The Boston Landmarks Orchestra puts rhythmic thunder in the sky for an evening of music and dance on the Esplanade. In addition to the world premiere of The Swordfishers by Donald Krishnaswami, Drums Along the Charles includes Gayane: Sabre Dance, Glass’ Concerto Fantasy for Two Timpanists, and Rahmaninov’s Symphonic Dances, Op. 45. As a bonus, Conductor Christopher Wilkins welcomes timpani soloists Jeffrey Fisher (Boston Ballet Orchestra) and Robert Shulz (Boston Modern Orchestra Project).
The region’s largest multicultural environmental music festival celebrates green living through three days of educational forums, activities, and healthy foods. Take in hallmark programs like the Boston Green Film Fest, EcoFashion and ecoArt, and the Electric Car Showcase. Hang out in the Smoothie or Wine & Beer Garden, and then score gratifying goodies in the farmer’s market.
The Boston Landmarks Orchestra is back with Mendelsohn’s A Midsummer Night’s Dream, Op. 61. This version of the classic rom-com, in conjunction with Commonwealth Shakespeare Company, boasts stage and musical stars of Boston and the choreography of Yo-el Cassell.

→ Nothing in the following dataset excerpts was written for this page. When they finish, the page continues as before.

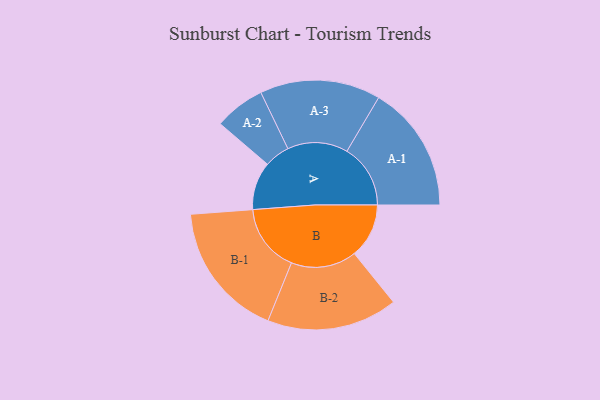
{"axis": {"x": "Segment", "y": "Value"}, "legend": ["", "A", "B"], "data": [{"x": "A", "y": 210, "type": ""}, {"x": "B", "y": 239, "type": ""}, {"x": "A-1", "y": 278, "type": "A"}, {"x": "A-2", "y": 111, "type": "A"}, {"x": "A-3", "y": 264, "type": "A"}, {"x": "B-1", "y": 298, "type": "B"}, {"x": "B-2", "y": 286, "type": "B"}]}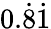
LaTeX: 0.{\dot{8}}{\dot{1}}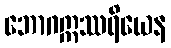
ဘောဂဣဿရိယေန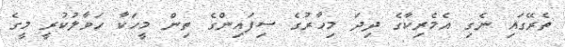
ތެރޭގައި ނެގި އެމެރިކާގެ ދިދަ މިހާރުގެ ސިފައިންގެ ތިން މީހަކާ ހަވާލުކުރީ މީގެ

Fun fact: Mendelssohn composed The Overture when he was 17, and finished the remaining incidental music 16 years later. What have you done?

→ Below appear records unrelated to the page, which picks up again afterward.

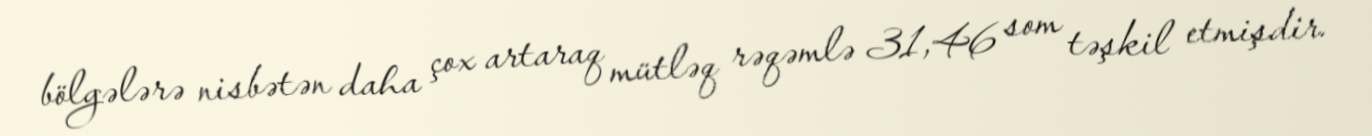
bölgələrə nisbətən daha çox artaraq mütləq rəqəmlə 31,46 som təşkil etmişdir.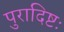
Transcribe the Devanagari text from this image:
पुरादिष्टः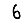
Digit: 6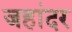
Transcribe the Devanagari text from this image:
जहांदर

Creative entries by New England auteurs as well as flicks from exotic locales (e.g. Australia, Iran) will compete for top honors like Best Feature, Best Short, and Best Doc. Along with screenings, Somerville Theatre and The Brattle will also host panel discussions and parties where you can meet the filmmakers.
Soak up the sun while you stroll through over 50 juried artists’ booths, watch glass-blowing demonstrations, and paint something yourself (if you’re ähtsy) on the public mural. Other festival highlights include 10+ live bands, a PBS radio storytelling program, poetry recitals, and fireworks over the water.
Italian street foods (e.g. arancini and zeppole) are the main attractions, and there are 100+ pushcarts of tastiness lining the lanes. Pizzeria Regina’s Open Air Piazza (aka beer tent), Filippo Berio tastings, and Fast Freddy’s “15 Seconds of Fame” contest totally seal the deal.
Unwind with a beverage and watch some of Boston’s best bands (e.g. Tigerman Woah) rock the Rose Kennedy Greenway at Boston’s Biggest Block Party. Check the Boston Calling Block Party Facebook page for the evening’s performers.
From classic standards to genre mashups, the jazz-fusion sounds of 21-year-old piano prodigy Alexander Anderson define the modern jam session. Currently a student at Berklee, Alexander has been mentored by Herbie Hancock, Chick Corea, and other living legends, and has performed with Esperanza Spaulding, Lenny Stallworth, and Tia Fuller.
Bring your crazy paintings, odd baubles, and/or ironic art pieces to Improv Boston and let those comic geniuses curate an unforgettable Night at the Museum. Performers combine the audience’s dusty treasures into one hilariously random art collection, and they that no artwork will be harmed during the show. (Unless, of course, you let them.)